Pada awalnya, aku pun berpikir seperti itu. Sama sekali tidak terbayang bagiku akan Doughall dengan karakter yang stabil dan tenang, mengendari mobil yang dirancang untuk memberikan kecepatan tinggi. Namun mengenal Doughall lebih jauh, kini aku merasa hal itu sangatlah sesuai. Karena Doughall selalu memberikan hal yang bertolak belakang dengan yang orang prediksikan.

Oleh itu aku tidak bisa menahan diri, untuk tidak mengucapkan, "Mobilmu bagus seperti biasa."

Doughall tersenyum, sebagai respons atas apa yang kukatakan. Ia pun membukakan pintu mobil untuk membantuku memasuki mobilnya sebelum mengatakan, "Untuk menjemput putri dibutuhkan kendaraan yang sesuai."

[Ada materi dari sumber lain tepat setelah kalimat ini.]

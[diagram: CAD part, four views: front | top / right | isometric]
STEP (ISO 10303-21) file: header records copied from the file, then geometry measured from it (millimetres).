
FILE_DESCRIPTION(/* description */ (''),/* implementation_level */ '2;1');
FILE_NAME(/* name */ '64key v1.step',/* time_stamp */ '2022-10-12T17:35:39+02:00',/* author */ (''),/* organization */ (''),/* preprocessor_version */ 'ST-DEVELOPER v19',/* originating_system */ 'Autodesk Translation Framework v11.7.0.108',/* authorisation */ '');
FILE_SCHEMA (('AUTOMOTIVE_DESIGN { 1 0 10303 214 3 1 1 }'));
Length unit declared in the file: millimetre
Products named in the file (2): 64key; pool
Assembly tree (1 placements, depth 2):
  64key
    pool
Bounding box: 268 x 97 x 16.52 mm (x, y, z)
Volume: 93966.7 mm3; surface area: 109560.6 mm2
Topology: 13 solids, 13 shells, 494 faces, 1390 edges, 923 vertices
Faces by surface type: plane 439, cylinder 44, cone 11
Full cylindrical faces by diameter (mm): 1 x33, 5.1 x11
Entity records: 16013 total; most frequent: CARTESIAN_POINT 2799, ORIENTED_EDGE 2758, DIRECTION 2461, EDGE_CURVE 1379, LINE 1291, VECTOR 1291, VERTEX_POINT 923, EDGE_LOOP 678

Aku mungkin sudah terbiasa dengan senyuman menawan yang Doughall keluarkan. Namun, meski sering kali mendengarnya, aku tidak bisa membiasakan diri untuk mendengar pujian yang Doughall sering lemparkan tanpa peringatan.

Buruknya, kali ini aku tidak memiliki kesempatan untuk lari atau bersembunyi untuk menutupi rasa malu yang kurasa. Hanya bisa membiarkan wajahku merona tanpa bisa dicegah dan duduk diam di kursi penumpang. Tanpa disangka, Doughall mendaratkan sebuah ciuman di pipiku yang memerah.

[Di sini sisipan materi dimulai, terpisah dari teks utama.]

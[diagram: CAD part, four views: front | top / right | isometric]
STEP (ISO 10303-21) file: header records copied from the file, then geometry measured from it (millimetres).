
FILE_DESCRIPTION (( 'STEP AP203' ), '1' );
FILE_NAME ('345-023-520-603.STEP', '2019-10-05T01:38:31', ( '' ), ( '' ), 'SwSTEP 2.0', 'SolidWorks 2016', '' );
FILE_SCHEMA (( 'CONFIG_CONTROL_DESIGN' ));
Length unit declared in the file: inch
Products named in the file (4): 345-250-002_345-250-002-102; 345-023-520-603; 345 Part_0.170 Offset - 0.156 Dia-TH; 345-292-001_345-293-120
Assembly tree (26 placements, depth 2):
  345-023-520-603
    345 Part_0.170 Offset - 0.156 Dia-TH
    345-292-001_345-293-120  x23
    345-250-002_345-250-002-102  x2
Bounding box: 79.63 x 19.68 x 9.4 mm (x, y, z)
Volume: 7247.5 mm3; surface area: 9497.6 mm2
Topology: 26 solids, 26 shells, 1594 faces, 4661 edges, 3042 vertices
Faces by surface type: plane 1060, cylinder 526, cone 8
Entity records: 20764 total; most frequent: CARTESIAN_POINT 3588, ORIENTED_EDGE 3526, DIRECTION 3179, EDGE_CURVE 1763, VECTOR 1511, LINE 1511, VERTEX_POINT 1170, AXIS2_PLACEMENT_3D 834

"Jangan malu, karena itu benar."

Sebelum aku dapat bereaksi atas perkataan itu, Doughall sudah menutup pintu dan berjalan ke arah pintu pengemudi. Dalam waktu singkat sampai Doughall berada di dalam mobil, kupergunakan untuk menenangkan diri. Tapi sepertinya, waktu yang ada tidaklah cukup.

Karena aku dapat mendengar suaraku sedikit bergetar saat mengatakan, "Kita akan pergi ke mana?"

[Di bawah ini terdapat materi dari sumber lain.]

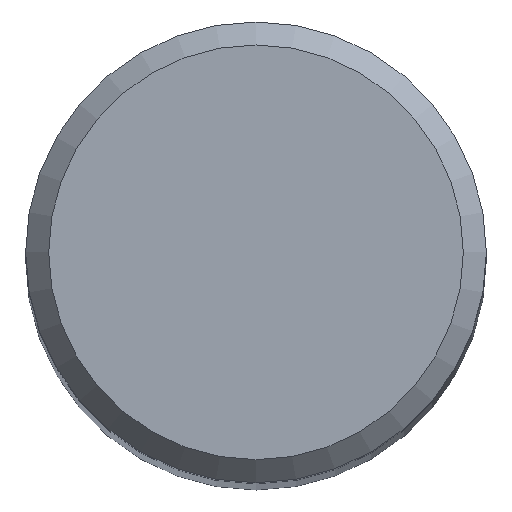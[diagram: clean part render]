
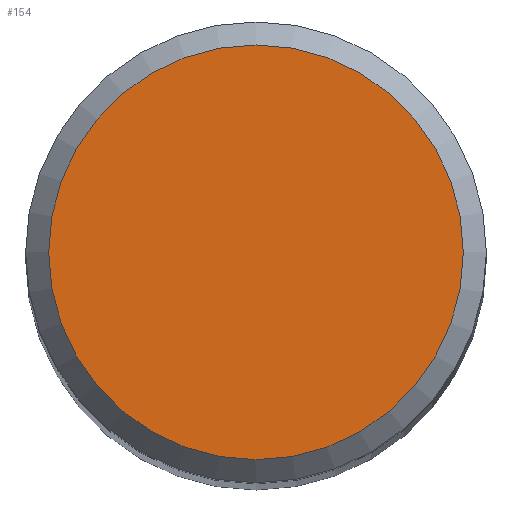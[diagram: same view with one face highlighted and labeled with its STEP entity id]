
A CAD part, top view. The second image highlights one B-rep face of the part: STEP entity #154.
In plain terms, the highlighted planar face has unit normal (0, 0, 1).
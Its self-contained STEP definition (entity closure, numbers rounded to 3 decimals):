
#114 = VERTEX_POINT('', #115);
#115 = CARTESIAN_POINT('', (-2.025, 0., 0.));
#121 = EDGE_CURVE('', #114, #114, #122, .T.);
#122 = CIRCLE('', #123, 2.025);
#123 = AXIS2_PLACEMENT_3D('', #124, #125, #126);
#124 = CARTESIAN_POINT('', (0., 0., 0.));
#125 = DIRECTION('', (0., 0., -1.));
#126 = DIRECTION('', (-1., 0., 0.));
#154 = ADVANCED_FACE('', (#155), #158, .T.);
#155 = FACE_OUTER_BOUND('', #156, .T.);
#156 = EDGE_LOOP('', (#157));
#157 = ORIENTED_EDGE('', *, *, #121, .F.);
#158 = PLANE('', #159);
#159 = AXIS2_PLACEMENT_3D('', #160, #161, #162);
#160 = CARTESIAN_POINT('', (3.15, -3.15, 0.));
#161 = DIRECTION('', (0., 0., 1.));
#162 = DIRECTION('', (0., 1., 0.));

Aku tidak tahu bagaimana perasaan Doughall saat mendengar pertanyaan yang sengaja kulempar untuk mengalihkan perhatian. Tapi aku sendiri yang mengucapkan menganggap apa perkataanku sangatlah bodoh. Doughall seorang yang terus menetap pada rute tertentu dan terus menjalaninya.

Sama seperti pakaian hitam yang selalu ia gunakan. Mawar yang selalu ia berikan. Juga pesan-pesan yang ia kirim di waktu yang sama setiap harinya. Jika aku tidak terlibat dalam insiden yang membuat memoriku hilang, maka tidak perlu bagiku menanyakan pertanyaan bodoh itu.

Tapi Doughall, seperti berusaha tidak membuatku malu, menjawab, "Granade."

Karena Doughall selalu membawaku ke sana, tentu saja aku tahu tempat yang sebutkan oleh Doughall. Granade adalah sebuah restoran mewah berbintang, yang selalu berusaha disinggahi oleh kalangan atas ataupun selebritis. Kata berusaha sengaja kugunakan dikarena sulitnya untuk mereservasi tempat di Granade. Tapi Doughall dengan sihir yang ia miliki, mudah baginya untuk selalu membawaku ke tempat itu.

"Aku tidak sabar untuk menantikan."

Dengan kecepatan super mobil milik Doughall dan keadaan lalu lintas yang mendukung, tidak lama bagi kami untuk sampai ke Granade dalam waktu singkat. Seperti biasanya, saat mobil mencapai pintu masuk dan berhenti di sana, Doughall turun lebih dahulu untuk membukakan pintu dan membantuku turun.

Lalu setelah mengantarku ke ruang tunggu yang ada di dalam, Doughall kembali ke depan untuk menyerahkan kunci mobil pada petugas yang ditugaskan untuk memarkirkan mobil penggunjung.

Entah kebetulan atau sebuah permainan yang dirancang sempurna, aku tidak tahu. Saat Doughall baru saja berbalik untuk pergi, ponselku berbunyi. Aku secara otamatis melirik layar ponselku. Untuk melihat pemberitahuan akan pesan dari empat nomor yang belakangan ini kukenal baik. Dengan bodohnya, aku menyentuh untuk melihat apa yang tertulis di sana.

Pengirim: XXXX

Apa kau menggunakan yang kuhadiahkan untuk berkencan dengan tunanganmu?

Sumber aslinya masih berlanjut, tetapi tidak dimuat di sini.